Skilled Nursing Facility (SNF) Care
Medicare Part A covers short-term care in a skilled nursing facility (SNF) — but only under specific conditions:
- You had a qualifying hospital stay of at least 3 consecutive inpatient days (observation days don’t count)
- You need skilled care — skilled nursing care, physical therapy, occupational therapy, or speech-language pathology services — not just custodial care (help with daily activities)
- You are admitted to the SNF within 30 days of your qualifying hospital stay
- A doctor certifies that you need daily skilled care
If you meet these conditions, Part A covers SNF care as follows:
| Days in SNF | What You Pay (2026) |
|---|---|
| Days 1–20 | $0 (fully covered) |
| Days 21–100 | $217/day coinsurance |
| After 100 days | 100% — Medicare pays nothing |
This 100-day limit is per benefit period, not per year. Many people are surprised to learn that Medicare doesn’t cover long-term nursing home care — only short-term skilled rehabilitative care. If you may eventually need ongoing custodial care, that’s a gap to plan for separately with long-term care insurance or Medicaid long-term care planning.
Home Health Care
Medicare Part A (and Part B) covers home health care services when all of the following are true:
- A doctor certifies that you’re homebound (leaving home requires considerable effort)
- You need skilled nursing care, physical therapy, speech-language pathology, or continued occupational therapy
- The home health agency is Medicare-certified
Covered home health services include:
- Skilled nursing care (up to 8 hours per day, up to 28 hours per week in most cases)
- Physical therapy
- Occupational therapy
- Speech-language pathology services
- Medical social services
- Medical supplies and certain durable medical equipment (partially)
Home health care is a covered benefit at no cost to you when the above conditions are met. There is no prior hospital stay required for home health under Part A (unlike SNF care).
Medicare does not cover custodial or personal care — help with bathing, dressing, eating, or other activities of daily living — unless skilled care is also being provided at the same time.
Hospice Care
Medicare Part A covers hospice care for terminally ill beneficiaries who:
- Have a life expectancy of 6 months or less (certified by a doctor)

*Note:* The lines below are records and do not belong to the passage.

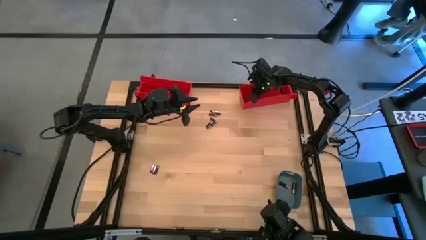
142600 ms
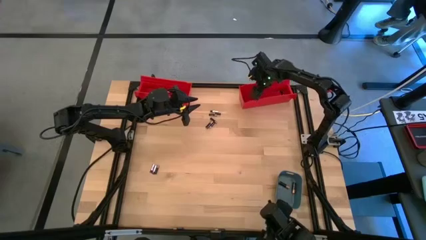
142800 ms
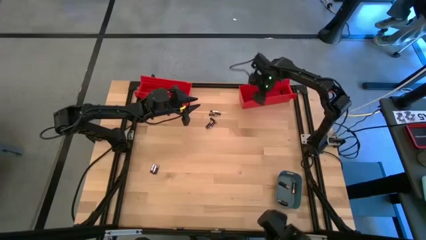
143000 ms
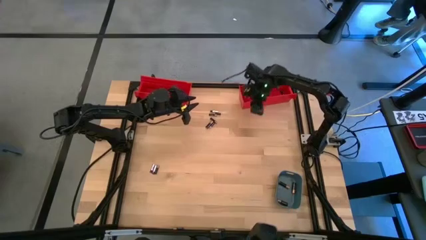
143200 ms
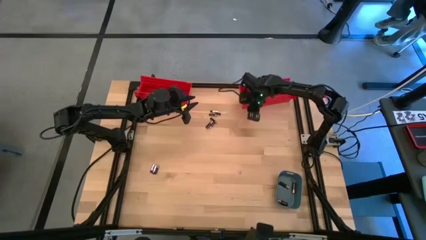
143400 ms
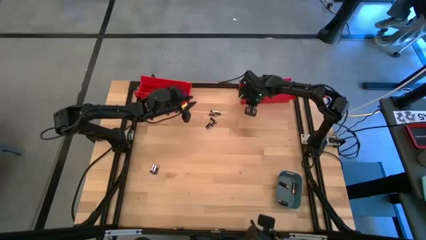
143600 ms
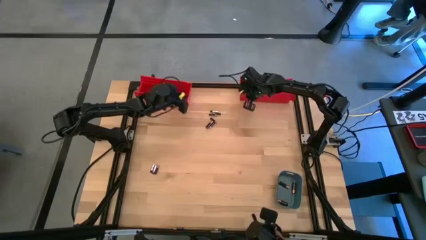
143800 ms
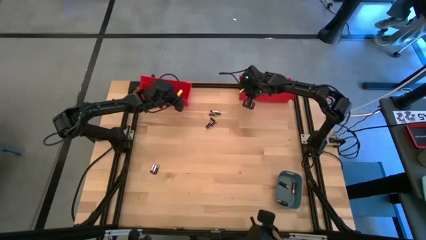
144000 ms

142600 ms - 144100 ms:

- Choose comfort care (hospice) over curative treatment for the terminal illness
- Use a Medicare-approved hospice program
Hospice care is broadly covered. Part A covers:
- Physician and nursing services
- Medications for pain relief and symptom management
- Medical equipment (wheelchairs, walkers, etc.)

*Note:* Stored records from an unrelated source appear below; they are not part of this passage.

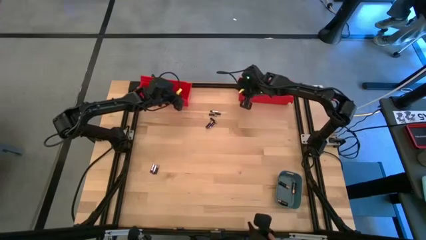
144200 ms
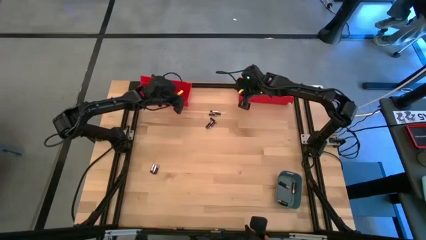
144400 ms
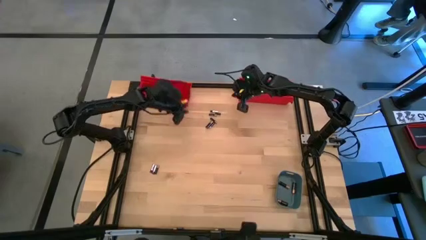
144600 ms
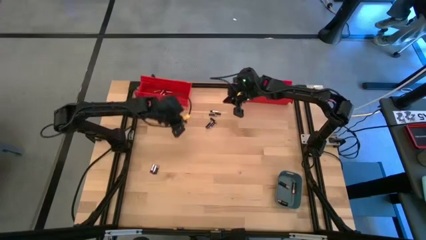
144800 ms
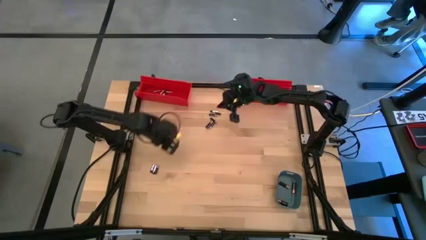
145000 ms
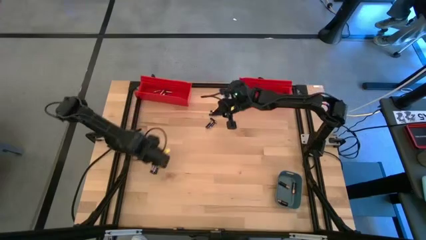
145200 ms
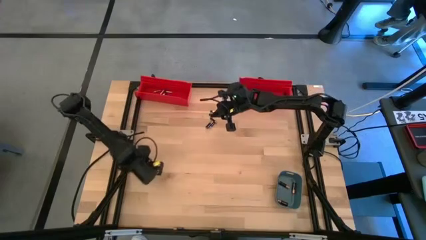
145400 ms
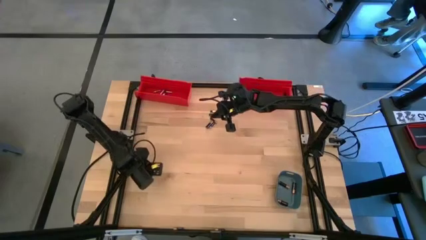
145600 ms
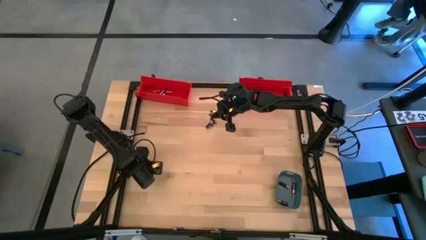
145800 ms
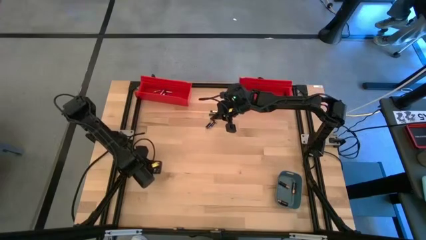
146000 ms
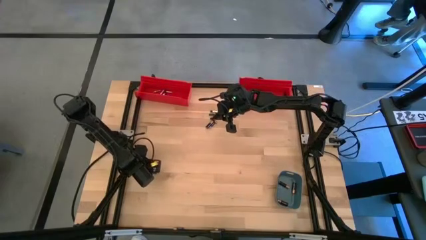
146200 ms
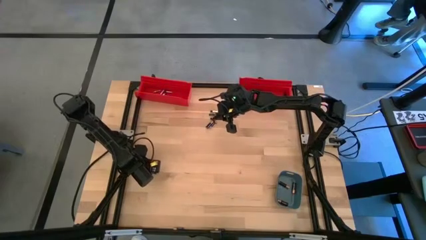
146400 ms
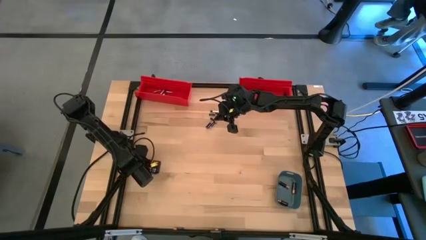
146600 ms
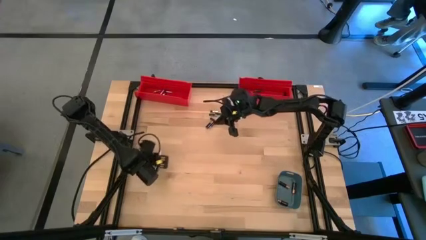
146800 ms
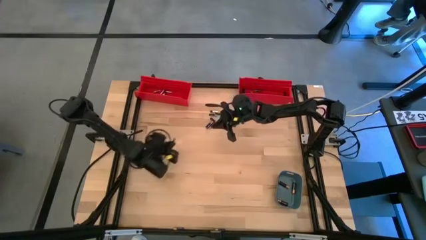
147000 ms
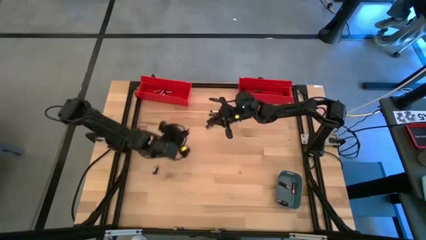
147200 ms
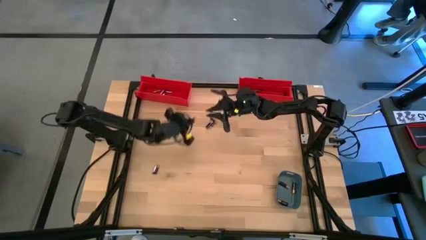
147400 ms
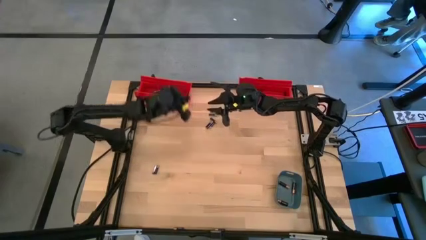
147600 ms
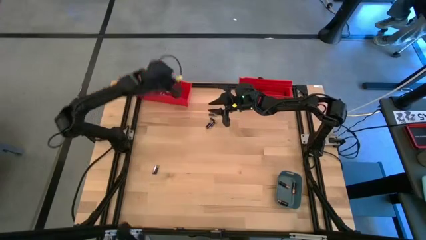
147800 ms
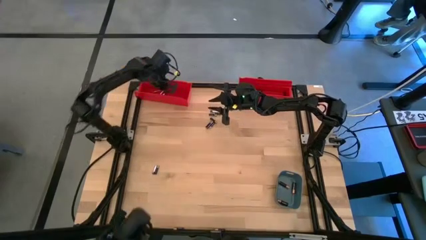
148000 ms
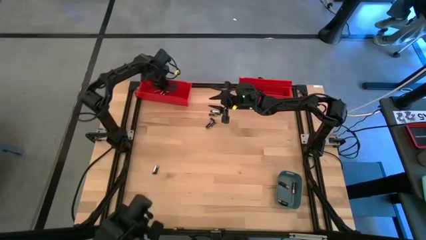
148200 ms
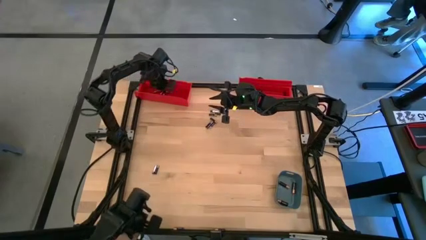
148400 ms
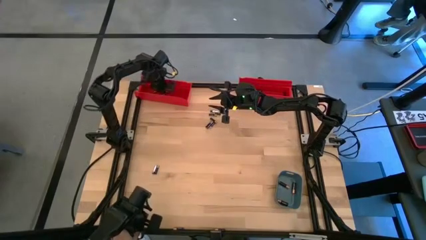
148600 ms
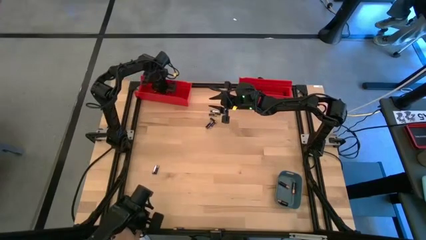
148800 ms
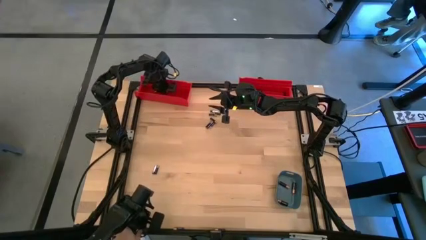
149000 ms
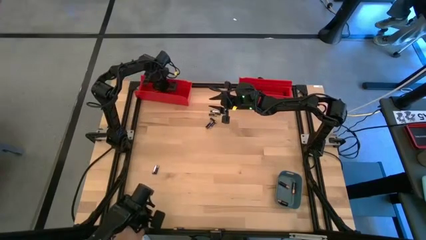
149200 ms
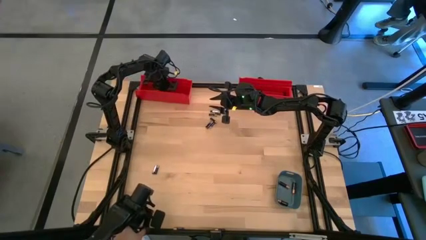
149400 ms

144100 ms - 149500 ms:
Put the small silver battery into the left red bin

- Short-term inpatient care for symptom management
- Inpatient respite care (temporary placement in a facility to give family caregivers a break)
- Grief counseling for family members
Your cost for hospice care is minimal:
- $0 for most hospice care
- $5 or less for each prescription drug for pain and symptom management
- 5% of the Medicare-approved amount for inpatient respite care
Choosing hospice care means focusing on comfort rather than cure. If you decide to resume treatment or recover unexpectedly, you can revoke the hospice election at any time.
Inpatient Psychiatric Care
Medicare Part A covers inpatient care in a psychiatric hospital, up to 190 days in a lifetime. This is separate from the regular inpatient hospital benefit days and applies specifically to freestanding psychiatric hospitals.
Inpatient psychiatric care in a general hospital (rather than a freestanding psychiatric hospital) counts against your regular Part A benefit days. For the full picture of how Medicare covers both inpatient and outpatient behavioral health, see our guide to Medicare mental health coverage.
What Part A Does NOT Cover
Understanding the limits of Part A is equally important:
- Custodial care — long-term nursing home care for help with daily activities is not covered by Medicare at all
- Most dental care, vision, and hearing care — not covered
- Outpatient care — covered under Part B, not Part A
- Outpatient prescription drugs — covered under Part D
- Private-duty nursing — not covered
- Care outside the United States — with very limited exceptions
The absence of long-term care coverage is a significant gap. Medicare is not a substitute for long-term care insurance.
How Much Does Medicare Part A Cost in 2026?
Premium
Most people pay $0 premium for Part A. You qualify for premium-free Part A if:
- You (or a spouse, current, former, or deceased) worked and paid Medicare taxes for at least 40 quarters (10 years)
If you have 30–39 quarters of Medicare-covered employment, your Part A premium in 2026 is $311/month.
If you have fewer than 30 quarters of Medicare-covered employment, your Part A premium in 2026 is $565/month — the full buy-in rate.
These situations are relatively uncommon — most Americans qualify for premium-free Part A through their own or a spouse’s work history. You can also earn additional quarters by continuing to work; reaching 40 lifetime quarters switches you to premium-free Part A. And if you have limited income, a Medicare Savings Program can pay these Part A premiums on your behalf.
Benefit Period Deductible
Part A uses benefit periods rather than a simple annual deductible. A benefit period begins when you’re admitted to a hospital or SNF and ends when you’ve been out of the hospital or SNF for 60 consecutive days.
The Part A deductible applies per benefit period, not per year.
In 2026, the Part A deductible is $1,736 per benefit period.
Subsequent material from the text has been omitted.